• _GOAL OF THE EXERCISE_:
Leaving the pictures aside, return all of the data below exactly.

• _Stored entries_:
========

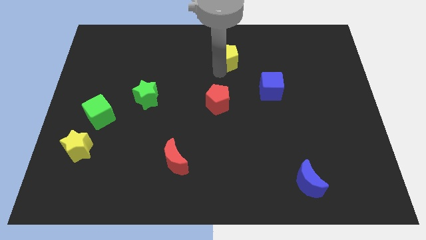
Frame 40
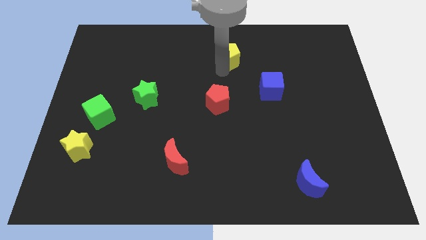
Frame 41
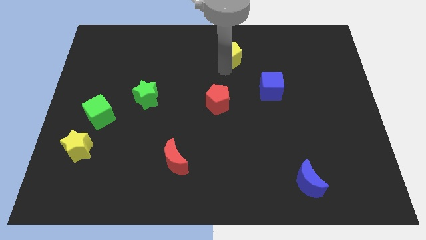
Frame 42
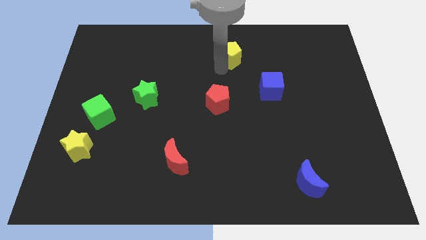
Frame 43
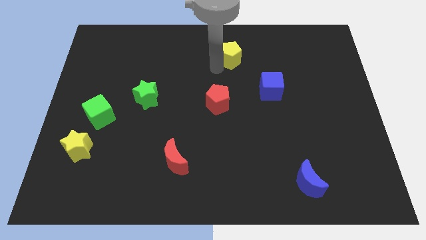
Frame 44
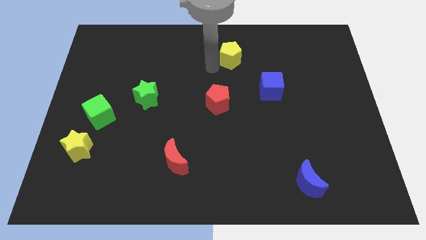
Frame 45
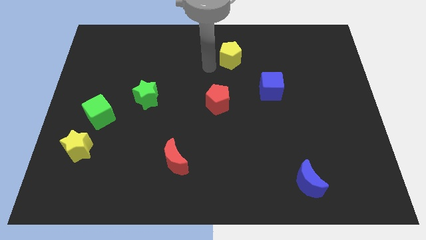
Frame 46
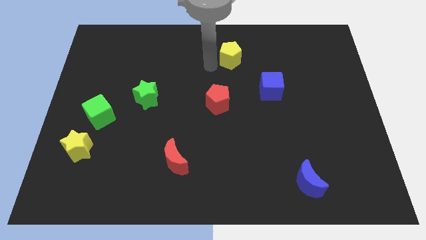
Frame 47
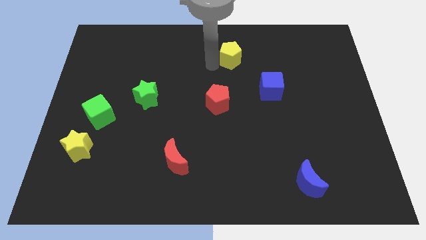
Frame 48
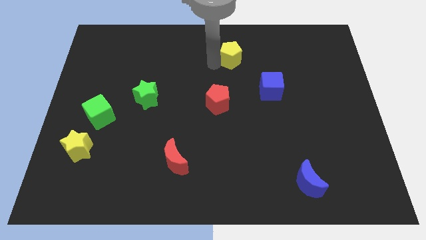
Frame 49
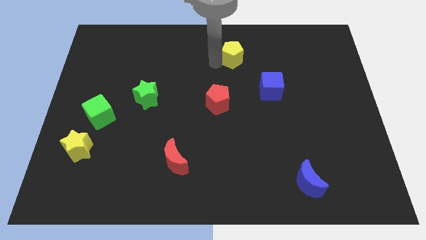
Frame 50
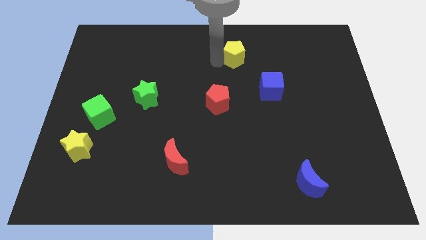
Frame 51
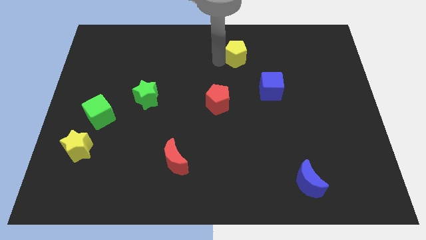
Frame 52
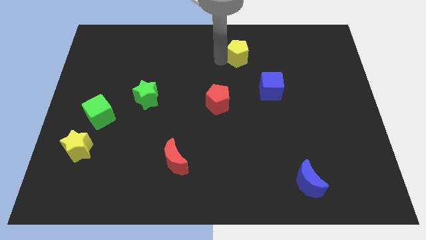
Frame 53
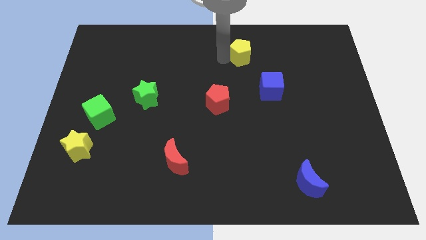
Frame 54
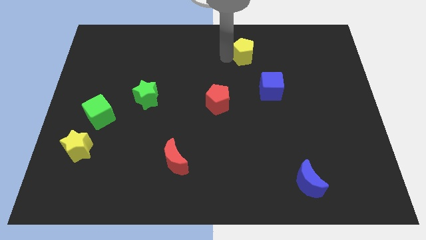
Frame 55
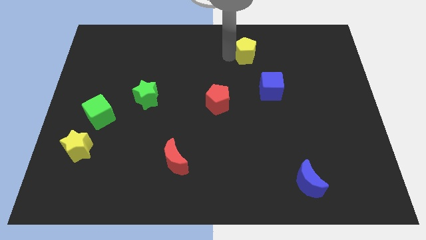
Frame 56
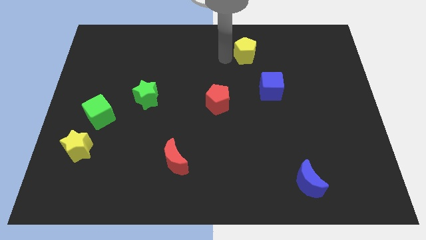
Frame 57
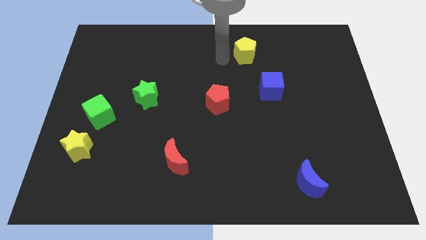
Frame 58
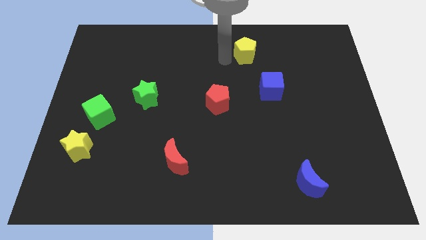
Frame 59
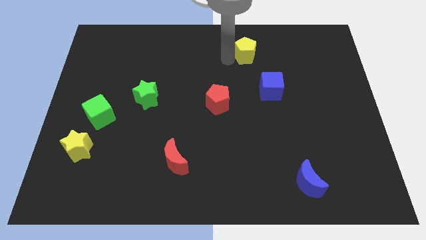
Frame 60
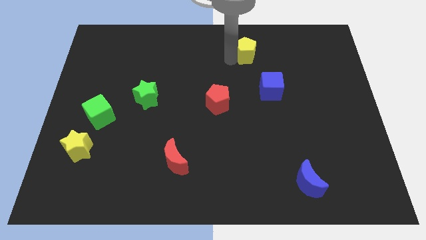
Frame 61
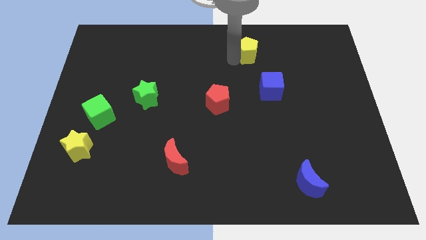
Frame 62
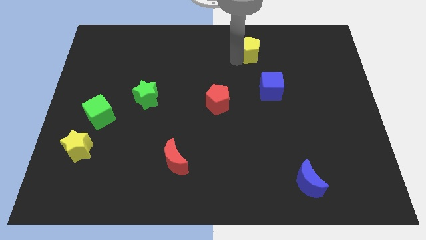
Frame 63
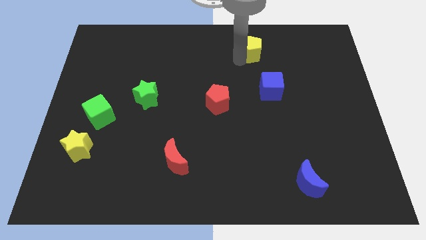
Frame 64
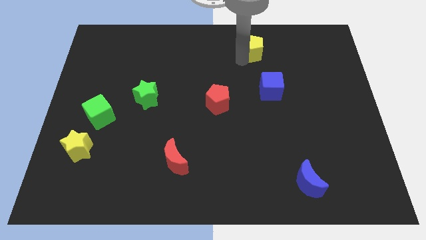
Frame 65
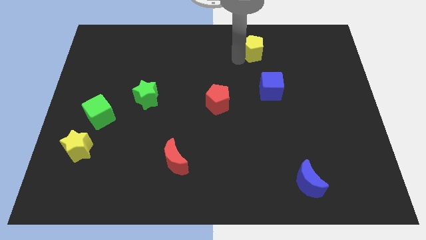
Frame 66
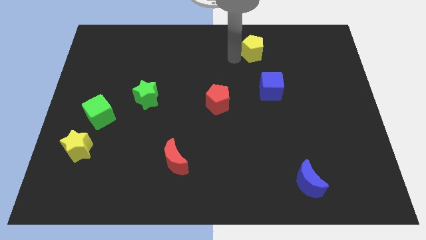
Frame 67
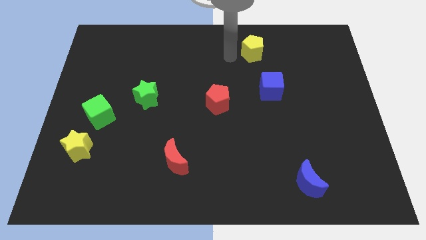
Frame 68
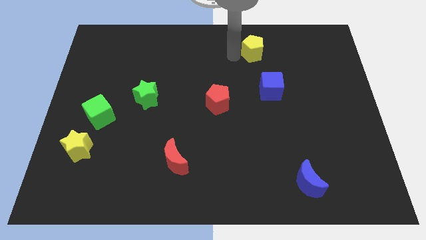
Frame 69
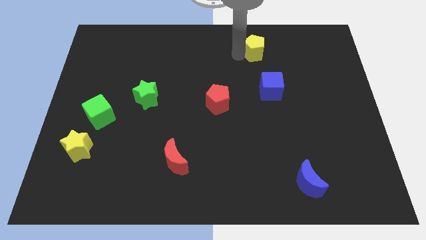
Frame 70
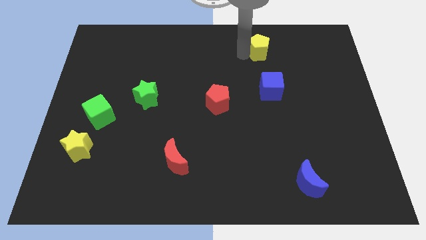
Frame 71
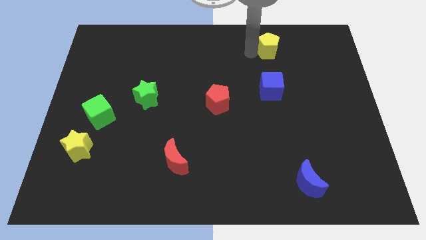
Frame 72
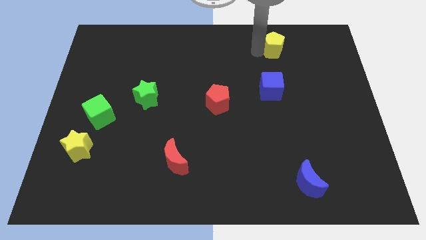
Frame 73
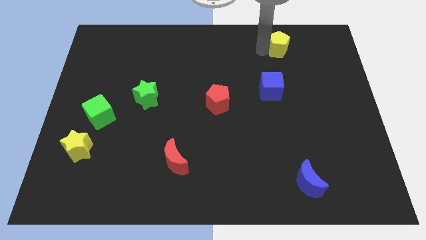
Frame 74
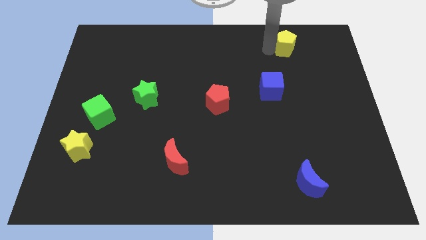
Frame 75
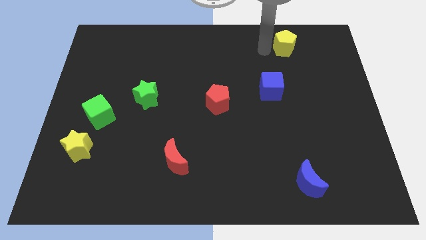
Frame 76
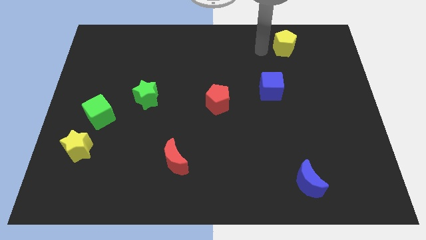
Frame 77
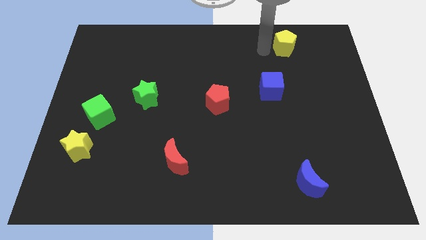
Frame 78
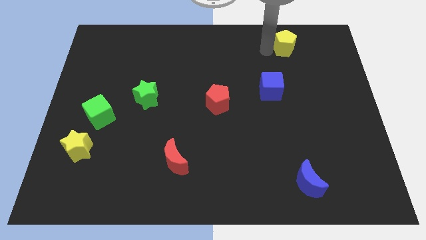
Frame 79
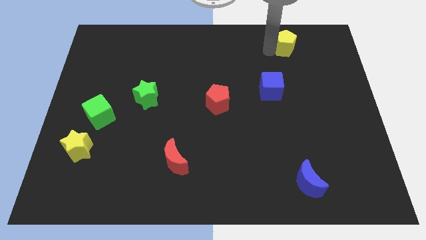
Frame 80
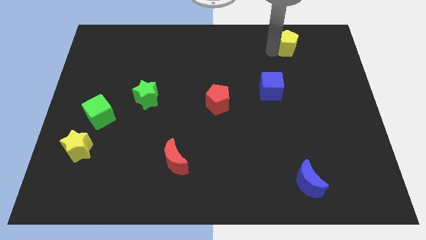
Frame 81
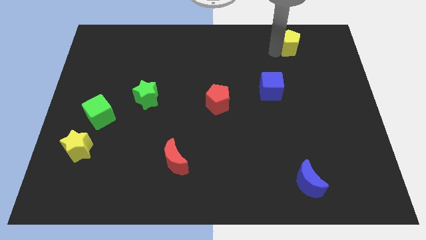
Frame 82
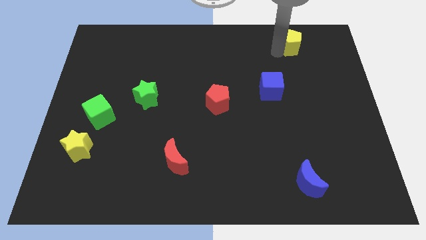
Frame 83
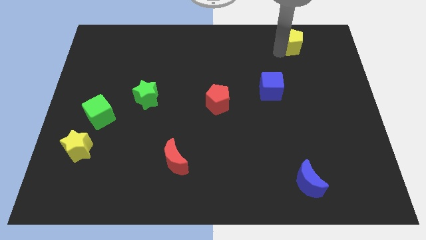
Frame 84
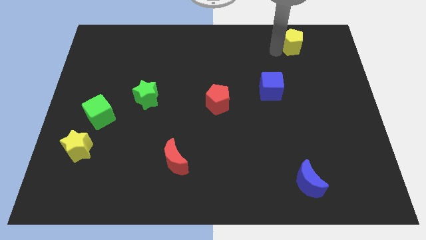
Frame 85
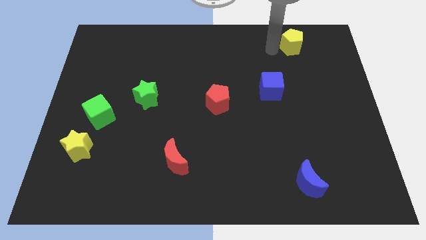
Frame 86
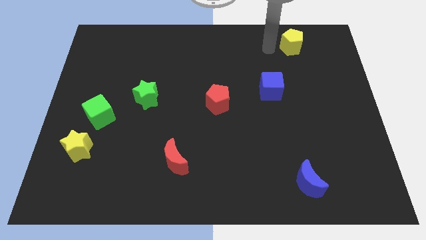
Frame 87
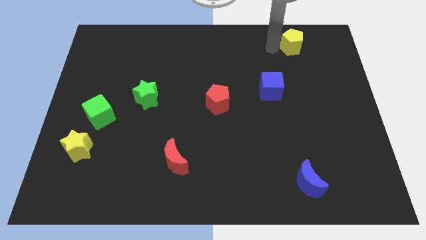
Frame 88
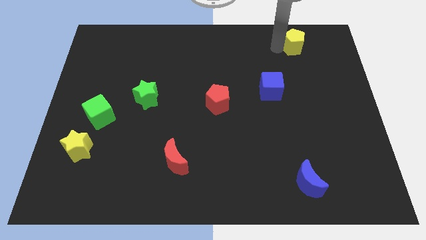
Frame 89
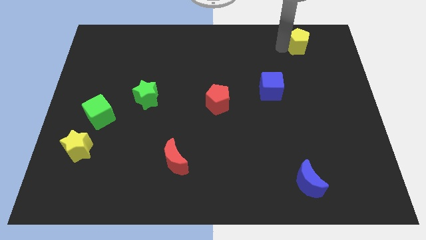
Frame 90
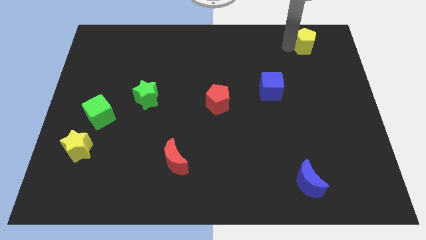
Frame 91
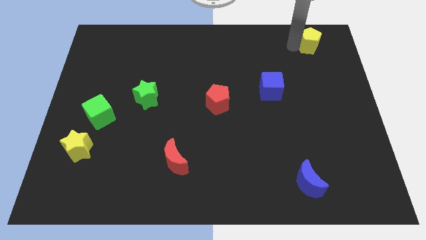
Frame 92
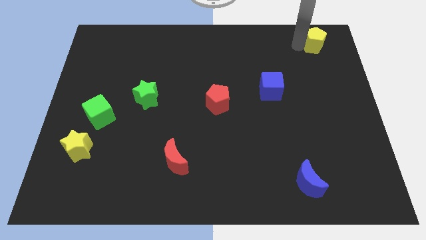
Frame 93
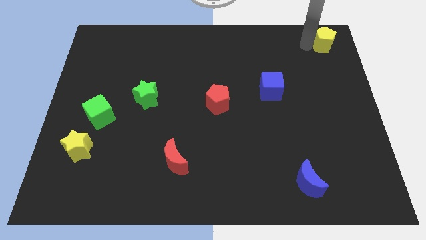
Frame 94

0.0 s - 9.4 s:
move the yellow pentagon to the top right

========

• _ANSWER TO THIS EXERCISE_:
Frame 40
Frame 41
Frame 42
Frame 43
Frame 44
Frame 45
Frame 46
Frame 47
Frame 48
Frame 49
Frame 50
Frame 51
Frame 52
Frame 53
Frame 54
Frame 55
Frame 56
Frame 57
Frame 58
Frame 59
Frame 60
Frame 61
Frame 62
Frame 63
Frame 64
Frame 65
Frame 66
Frame 67
Frame 68
Frame 69
Frame 70
Frame 71
Frame 72
Frame 73
Frame 74
Frame 75
Frame 76
Frame 77
Frame 78
Frame 79
Frame 80
Frame 81
Frame 82
Frame 83
Frame 84
Frame 85
Frame 86
Frame 87
Frame 88
Frame 89
Frame 90
Frame 91
Frame 92
Frame 93
Frame 94

0.0 s - 9.4 s:
move the yellow pentagon to the top right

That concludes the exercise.